ABOUT THIS EXERCISE
For this exercise, copy all the data exactly and include none of the pictures.

DATA SEGMENT
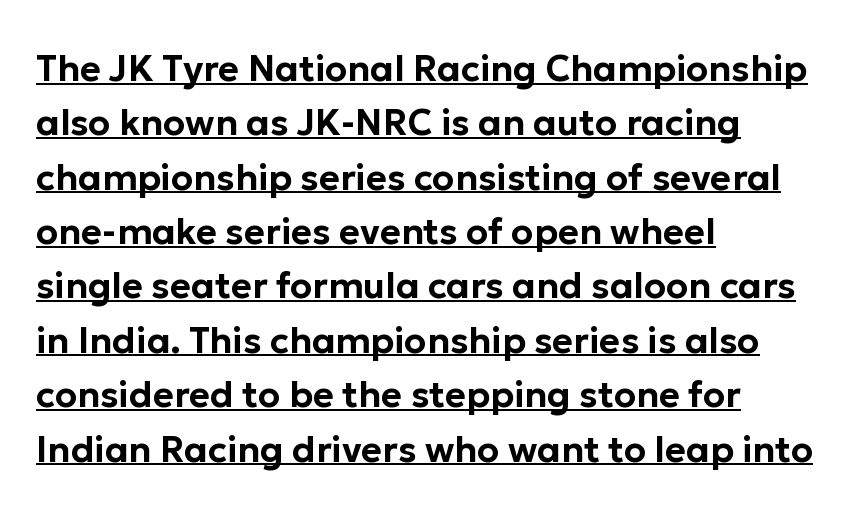
The image shows 36 px sans-serif type, upright; set left-aligned, normal line spacing (1.51x), normal letter spacing, underlined; low stroke contrast and a medium x-height.
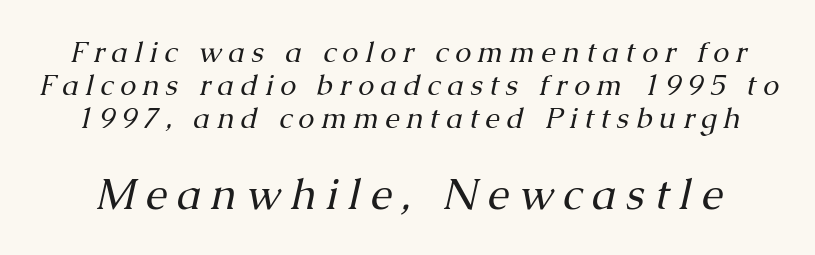
{"serif": "yes", "italic": "yes", "lean": "right", "slant_degrees": 13, "bold": "no", "weight": "regular", "width": "normal", "stroke_contrast": "medium", "x_height": "medium", "monospaced": "no", "underline": "no", "line_spacing": "tight", "line_spacing_ratio": 1.13, "letter_spacing": "wide", "letter_spacing_em": 0.23, "larger_block": "second", "size_ratio": 1.48, "glyph_px": 43}
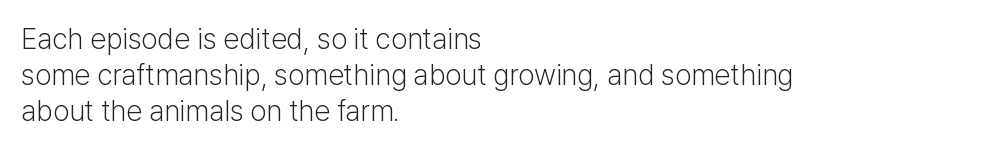
The space beneath each line is pristine and unruled. Between one letter and the next there's only the usual sliver of space. Casual observation: everything's shoved over to the left. Each new line begins a customary step beneath the previous one.

SOLUTION FOR THIS PROBLEM
The image shows 36 px sans-serif type, upright; set left-aligned, normal line spacing (1.51x), normal letter spacing, underlined; low stroke contrast and a medium x-height.
{"serif": "yes", "italic": "yes", "lean": "right", "slant_degrees": 13, "bold": "no", "weight": "regular", "width": "normal", "stroke_contrast": "medium", "x_height": "medium", "monospaced": "no", "underline": "no", "line_spacing": "tight", "line_spacing_ratio": 1.13, "letter_spacing": "wide", "letter_spacing_em": 0.23, "larger_block": "second", "size_ratio": 1.48, "glyph_px": 43}
The space beneath each line is pristine and unruled. Between one letter and the next there's only the usual sliver of space. Casual observation: everything's shoved over to the left. Each new line begins a customary step beneath the previous one.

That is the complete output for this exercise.